Nascido em uma pequena cidade do interior de São Paulo e, logo cedo, começou a perceber que havia algo de diferente na forma como enxergava o mundo. Parecia que algo nele não funcionava muito bem. Nascera sem intensidade, com um amortecimento estranho em sua capacidade de sentir. Sentia-se alheio a tudo o que excitava seus colegas e assim foi durante toda a sua vida. Isso não significa que não fosse feliz, apenas parecia que via as coisas em cores mais fracas, a vida em um volume mais baixo.

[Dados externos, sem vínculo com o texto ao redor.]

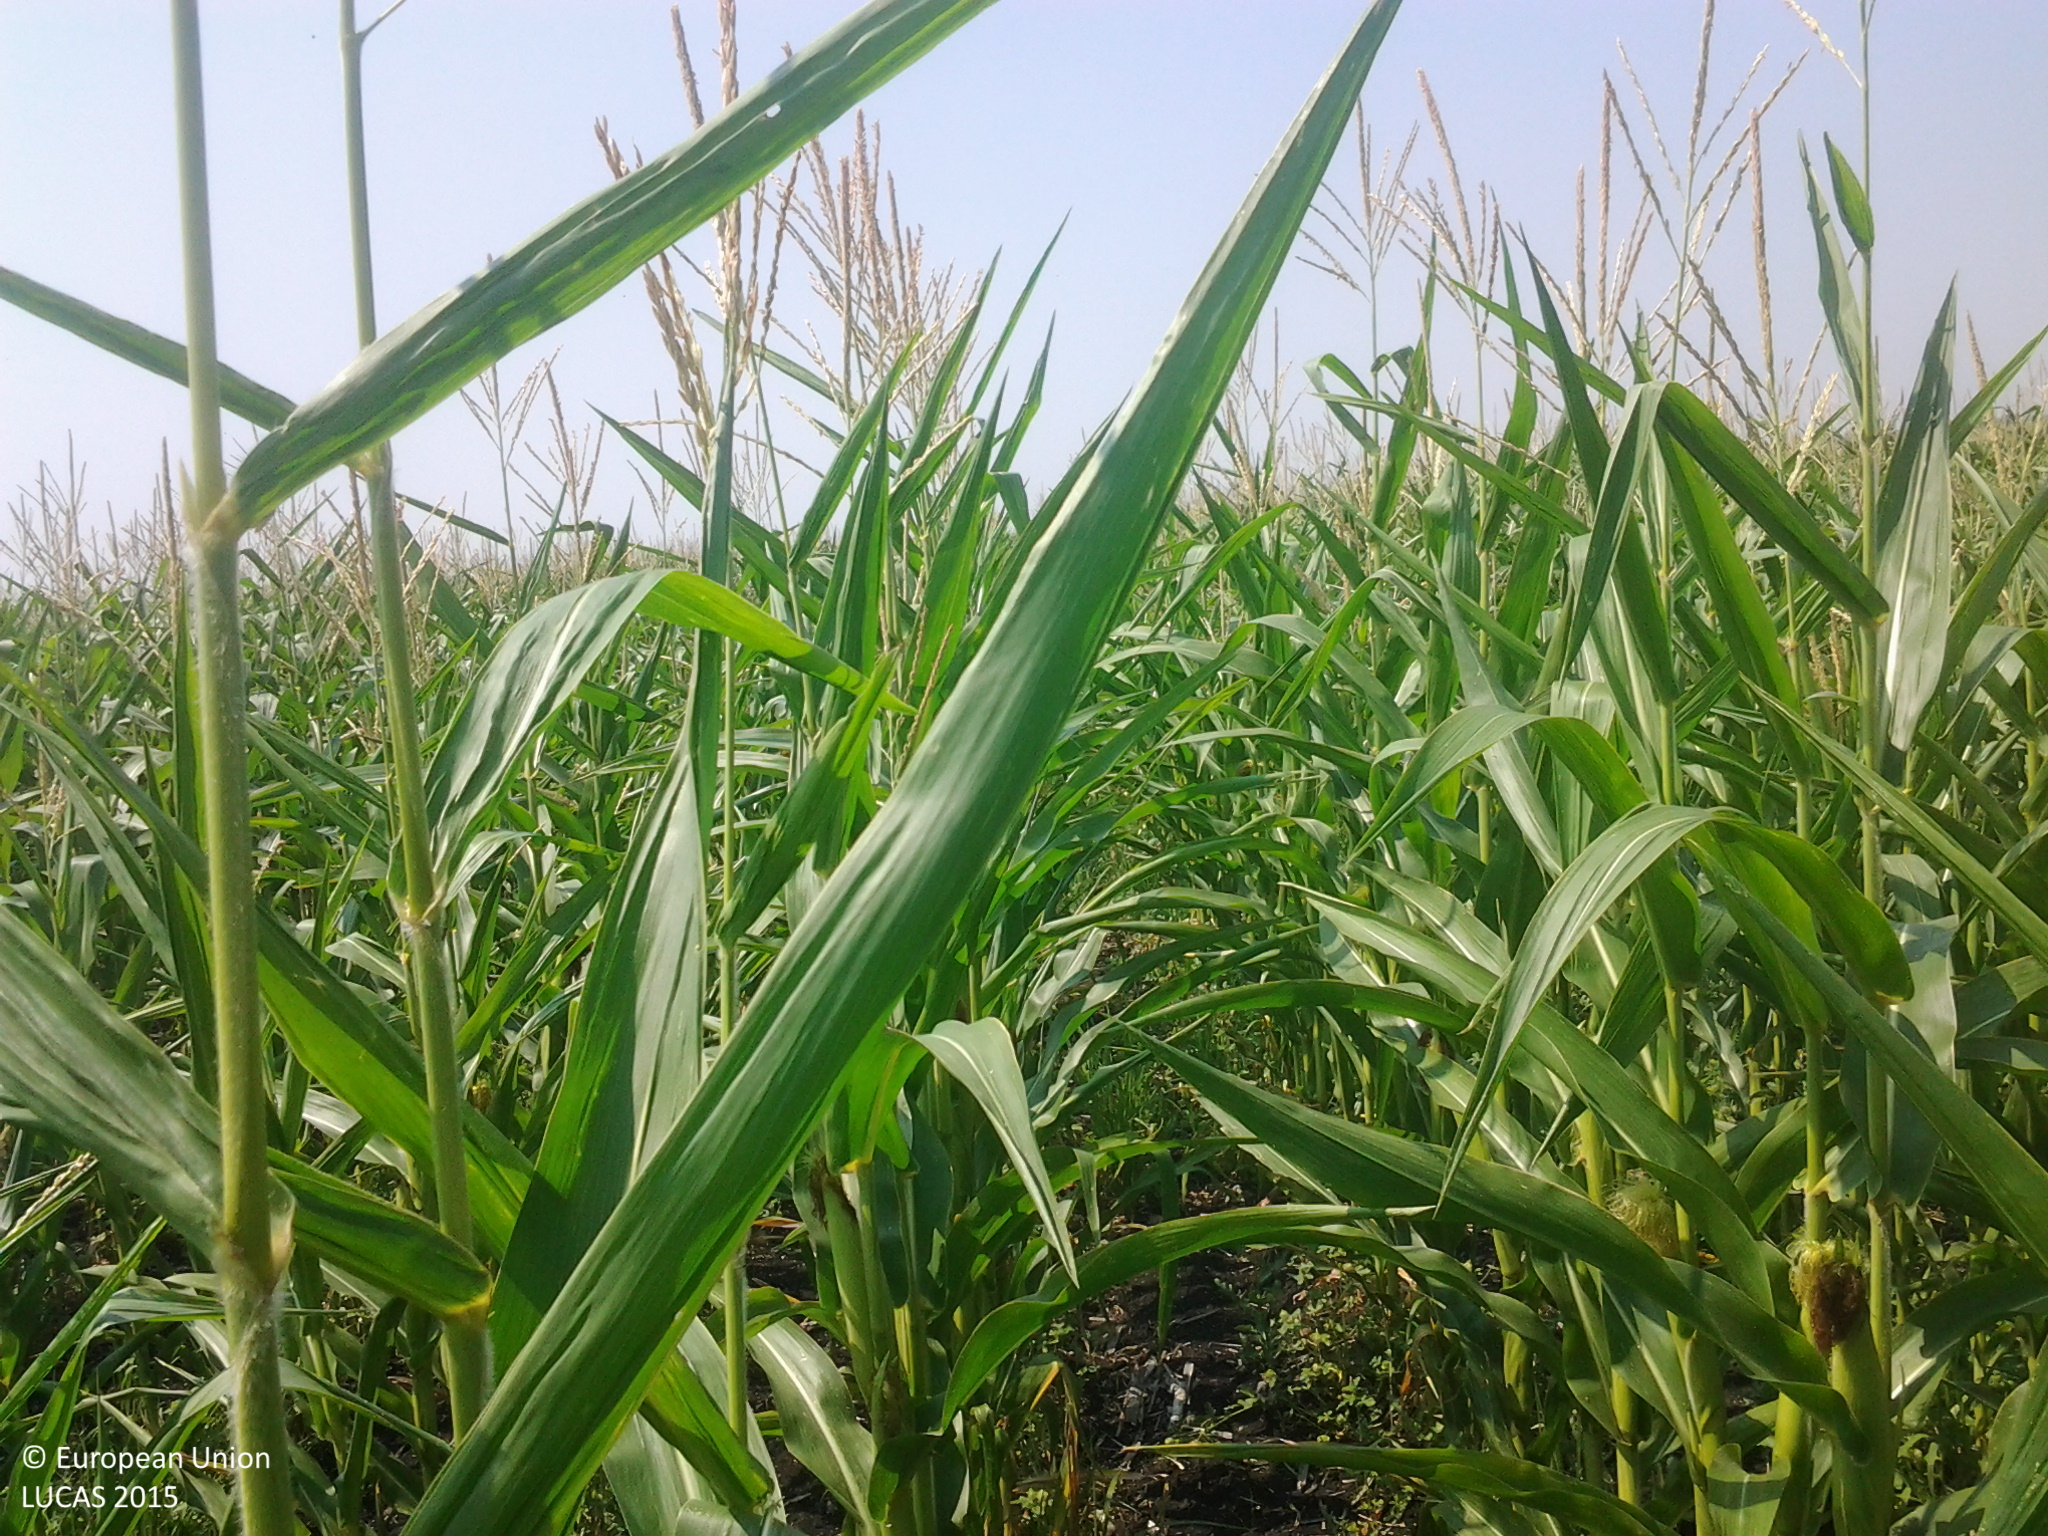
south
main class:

Tentou alinhavar sua realidade, sentir-se pertencente. Cultivou o hábito de fazer uma extenuante e minuciosa análise diária de todas as suas reações e das atitudes que despertavam nos outros. Cada noite, ao deitar a cabeça no travesseiro, revisava todo o seu dia e as interações ocorridas. Fazia associações sobre as causas e efeitos, tentando formular um padrão que desse uma certa tranquilidade para antever o que poderia esperar de cada um. Era uma tarefa difícil, pois sua primeira tentativa havia sido mensurar o mundo pelas suas próprias reações – e fora desastrosa. Ninguém reagia de acordo com o que, para ele, era óbvio. Os valores e sentimentos de todos que o cercavam pareciam-lhe absurdos e dificilmente seguiam o tão almejado padrão.
Desde cedo, percebera que era um pouco diferente de seus colegas. As sensações o afetavam de forma distinta e ele sentia uma enorme dificuldade em compreender e, consequentemente, antever as reações de qualquer um. Isso o colocava em algumas situações difíceis e não foi nenhum espanto quando se recolheu em uma postura tímida e afastada, procurando interferir o mínimo possível com aquelas pessoas que o assustavam.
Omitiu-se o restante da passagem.